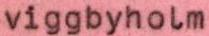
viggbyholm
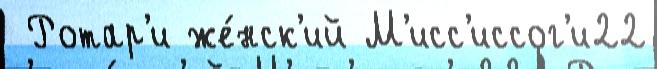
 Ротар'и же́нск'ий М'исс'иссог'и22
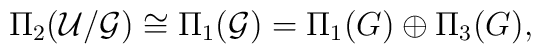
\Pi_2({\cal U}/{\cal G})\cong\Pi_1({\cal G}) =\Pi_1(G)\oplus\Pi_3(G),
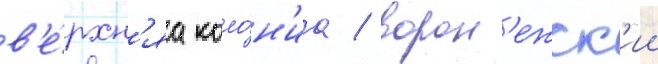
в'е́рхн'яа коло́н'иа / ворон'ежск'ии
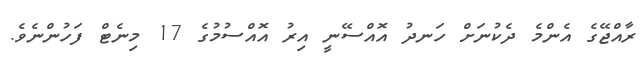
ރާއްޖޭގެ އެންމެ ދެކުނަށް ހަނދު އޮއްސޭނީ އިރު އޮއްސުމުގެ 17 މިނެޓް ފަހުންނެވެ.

######

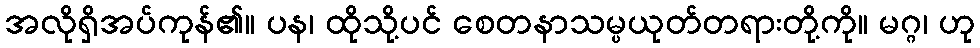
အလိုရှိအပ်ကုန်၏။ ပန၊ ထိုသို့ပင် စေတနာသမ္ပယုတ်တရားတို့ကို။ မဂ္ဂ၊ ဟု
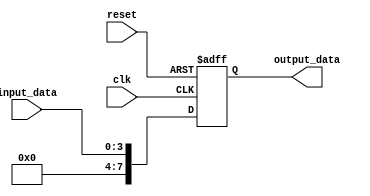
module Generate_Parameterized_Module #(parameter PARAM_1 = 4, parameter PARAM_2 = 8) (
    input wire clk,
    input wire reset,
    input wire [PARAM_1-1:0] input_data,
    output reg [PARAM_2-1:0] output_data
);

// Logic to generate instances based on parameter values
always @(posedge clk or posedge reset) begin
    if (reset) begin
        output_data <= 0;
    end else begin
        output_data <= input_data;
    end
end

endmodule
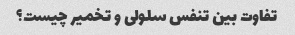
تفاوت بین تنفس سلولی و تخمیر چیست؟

######

● REQUIREMENT: Although the records hold pictures, the copy must not; give again exactly the lines from the one with "on parameter values" through the one with "تفاوت بین تنفس سلولی و تخمیر چیست؟".

● SOLUTION:
// Logic to generate instances based on parameter values
always @(posedge clk or posedge reset) begin
    if (reset) begin
        output_data <= 0;
    end else begin
        output_data <= input_data;
    end
end

endmodule
تفاوت بین تنفس سلولی و تخمیر چیست؟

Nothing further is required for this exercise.